Why Use One?The big advantage in using an over-the-counter jet kit is that all the homework has been done for you. Prior to the advent of kits, jetting was a by-guess-and-by-golly occupation. Many times you'd have to special order things like needles and needle jets. If you guessed wrong, it was back to the parts counter, and you'd have to wait weeks until the new stuff arrived. Jet kits remove the guesswork, and because they contain adjustable needles and a variety of jets, they allow you to fine-tune the fuel/air ratio to your exact requirements. Included in most kits is also a tech number with a real, live person on the other end to answer any questions that may arise. In most cases, there is also excellent online information available. In particular, the Factory Pro Web site (www.factorypro.com) is very good-an hour or two there can teach you an awful lot about how carburetors work and how to tune them.
What Won't A Jet Kit Do?Obviously, a jet kit won't repair a damaged engine. If your mill is low on compression, has a cracked intake boot or worn spark plugs, you can install jet kits until you're blue in the face and they won't change a thing. By the same token, if your otherwise properly running bike suddenly develops a case of "won't-idle syndrome" or manifests some other carburetor malady all by itself, chances are good that the problem is the result of something ingested, like water or a piece of dirt that's made its way into one of the jets. If that's the case a jet kit won't help nearly so much as a good cleaning.
Installing The KitCarburetors are no more complicated than any other mechanical device. They do, however, have some small, delicate parts, and as such are vulnerable to rough handling and contamination from dirt. So you'll need to work on them with deliberation and in a relatively clean environment. Essentially, you'll need a clean, dry place to work, preferably with a nice, solid workbench, where you can lay out the parts and a selection of hand tools. A can of aerosol carburetor cleaner and silicone spray or WD-40 will come in handy, too.
The job can be broken down into four steps: removing the carburetors; disassembling them; installing the kit and reassembling the carburetors; and reinstalling them on the bike. While the design of a few bikes will allow installation of a jet kit with the carburetors in place, that's a rarity. Especially since 90 percent of the time, the job entails drilling out the anti-tamper plugs placed over the pilot jet adjusting screw (see sidebar for details).
The first job will probably be to remove the carburetors from the bike. Your shop manual will detail the exact procedure, but as a rule you'll need to remove the fuel tank, remove or disconnect the airbox-to-carburetor hoses and then remove the carburetor cables before loosening the carburetor manifold hoses and pulling the carbs loose. The carburetor manifold clamps usually have smallish, easy-to-strip Phillips-head screws holding them in place. A sharp number 1 or 2 Phillips and a little elbow grease should get them loose, so don't be afraid to bear down. If any become truly buggered, replace them during reassembly. As an alternative, many foreign-car specialists stock thin worm drive clamps in the appropriate diameters with either Allen-head or slotted screws that are more attractive and somewhat easier to work with than the cheesy OEM stuff. Make sure to mark the location of any fuel, water, vacuum or emission lines you've removed before you disconnect them from their ports as well as the routing of throttle cables. You'll also find it easier to drain the float bowls with carburetors still in place as opposed to sloshing fuel all over yourself by removing them full.

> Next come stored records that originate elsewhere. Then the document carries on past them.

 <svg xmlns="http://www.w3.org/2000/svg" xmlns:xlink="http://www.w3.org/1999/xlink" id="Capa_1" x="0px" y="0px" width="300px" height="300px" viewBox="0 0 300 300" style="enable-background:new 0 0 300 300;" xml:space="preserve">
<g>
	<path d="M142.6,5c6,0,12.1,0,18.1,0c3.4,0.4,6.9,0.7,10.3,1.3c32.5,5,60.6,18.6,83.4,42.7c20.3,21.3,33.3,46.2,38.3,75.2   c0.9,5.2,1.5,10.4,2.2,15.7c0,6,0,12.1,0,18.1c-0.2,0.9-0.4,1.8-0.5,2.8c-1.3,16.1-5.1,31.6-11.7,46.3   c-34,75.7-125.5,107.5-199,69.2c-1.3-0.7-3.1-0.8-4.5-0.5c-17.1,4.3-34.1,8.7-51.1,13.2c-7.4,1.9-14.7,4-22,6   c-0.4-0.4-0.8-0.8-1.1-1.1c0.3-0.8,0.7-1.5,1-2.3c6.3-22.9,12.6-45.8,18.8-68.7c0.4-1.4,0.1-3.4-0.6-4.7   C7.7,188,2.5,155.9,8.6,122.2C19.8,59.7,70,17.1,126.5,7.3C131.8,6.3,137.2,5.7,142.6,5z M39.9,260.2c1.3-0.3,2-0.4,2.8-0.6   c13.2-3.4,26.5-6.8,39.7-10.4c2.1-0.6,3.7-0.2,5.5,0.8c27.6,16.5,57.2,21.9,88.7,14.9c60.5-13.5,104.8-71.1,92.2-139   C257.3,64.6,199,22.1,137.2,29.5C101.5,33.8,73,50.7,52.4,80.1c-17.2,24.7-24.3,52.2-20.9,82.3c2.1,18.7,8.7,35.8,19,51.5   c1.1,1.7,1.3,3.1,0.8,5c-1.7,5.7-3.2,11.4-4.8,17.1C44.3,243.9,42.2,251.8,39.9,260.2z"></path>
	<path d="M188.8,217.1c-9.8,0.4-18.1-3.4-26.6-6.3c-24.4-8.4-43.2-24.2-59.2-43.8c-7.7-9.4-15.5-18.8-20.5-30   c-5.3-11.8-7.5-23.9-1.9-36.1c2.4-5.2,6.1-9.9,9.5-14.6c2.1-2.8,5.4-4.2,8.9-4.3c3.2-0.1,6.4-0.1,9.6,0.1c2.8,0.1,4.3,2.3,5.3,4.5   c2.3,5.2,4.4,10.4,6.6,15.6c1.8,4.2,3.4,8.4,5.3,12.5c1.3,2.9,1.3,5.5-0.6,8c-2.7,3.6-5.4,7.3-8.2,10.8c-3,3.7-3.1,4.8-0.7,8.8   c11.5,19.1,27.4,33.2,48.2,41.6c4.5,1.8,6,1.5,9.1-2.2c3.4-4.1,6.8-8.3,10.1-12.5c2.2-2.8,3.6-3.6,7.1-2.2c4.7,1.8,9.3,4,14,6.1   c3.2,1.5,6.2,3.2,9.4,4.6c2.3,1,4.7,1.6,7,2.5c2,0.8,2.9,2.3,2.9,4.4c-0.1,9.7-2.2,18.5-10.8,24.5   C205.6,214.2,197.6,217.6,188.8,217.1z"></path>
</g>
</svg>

Removing the carbs from their manifolds can be a little tricky, as the rubber tends to glue itself to the carbs. If the carbs stick, try rocking them back and forth while spraying a little silicone or WD-40 at the joint. Once the carbs are off (don't forget to plug the intake and airbox openings with clean rags) and the float bowls drained, it's a by-the-numbers exercise.
Some bikes have more carburetors than others. If you're working on multiple carbs, I suggest you complete all jetting changes first, then flip the carbs over and make all needle/spring changes, just to avoid confusion.
1 Start by removing the float bowl. You can expect the screws to be tight and easy to strip. I like to replace them with Allen-head screws (available at most hardware stores) on reassembly.
2 Before going any further, make sure you know which jets go where. The main jet should be in the center of the bowl, with the pilot jet off to one side. Be careful around the floats; rough handling could change the setting, which upsets the jetting. If the floats need resetting, the instructions and your manual will show you how.